● Exercise
Please transcribe the lines below exactly, and leave every image behind.

(Data entries)

_ _ _ _

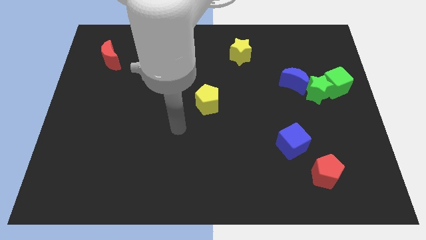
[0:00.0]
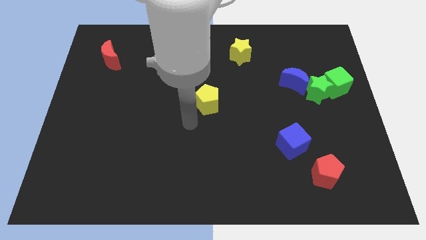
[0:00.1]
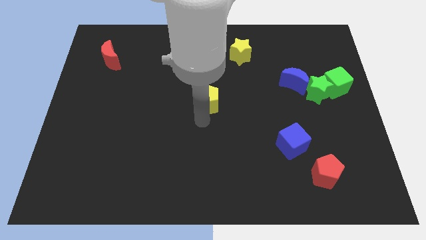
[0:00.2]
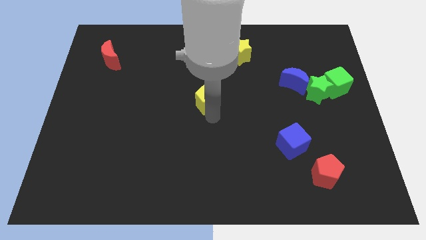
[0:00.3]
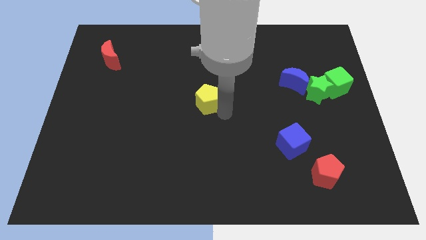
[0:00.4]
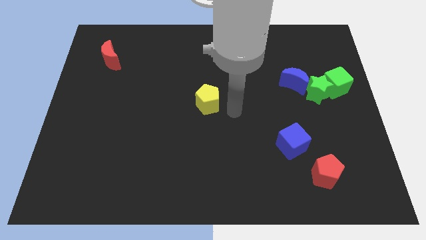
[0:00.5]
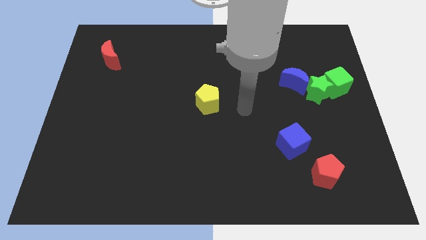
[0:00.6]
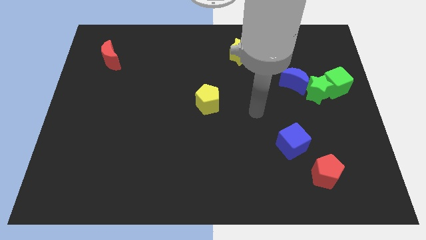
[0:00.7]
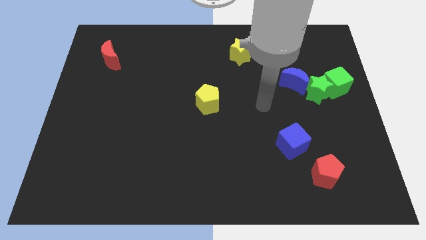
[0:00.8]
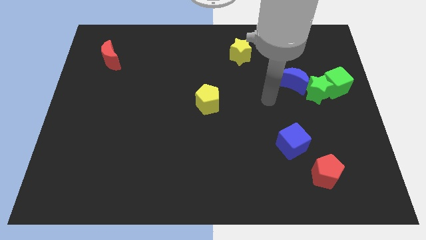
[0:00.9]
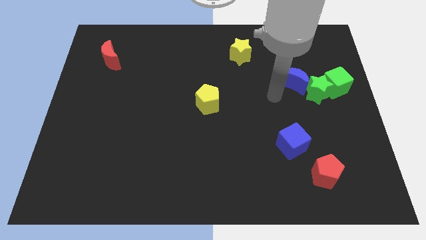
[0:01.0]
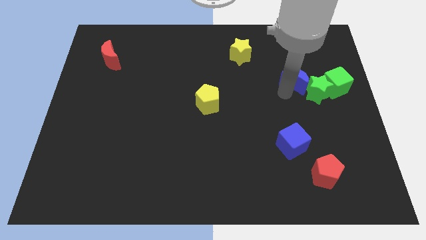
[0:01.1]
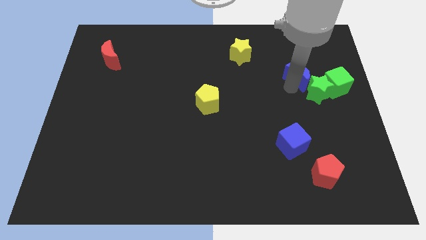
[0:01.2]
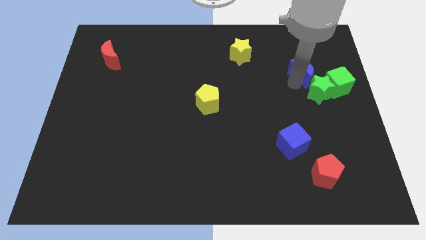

_ _ _ _

● Reply
[0:00.0]
[0:00.1]
[0:00.2]
[0:00.3]
[0:00.4]
[0:00.5]
[0:00.6]
[0:00.7]
[0:00.8]
[0:00.9]
[0:01.0]
[0:01.1]
[0:01.2]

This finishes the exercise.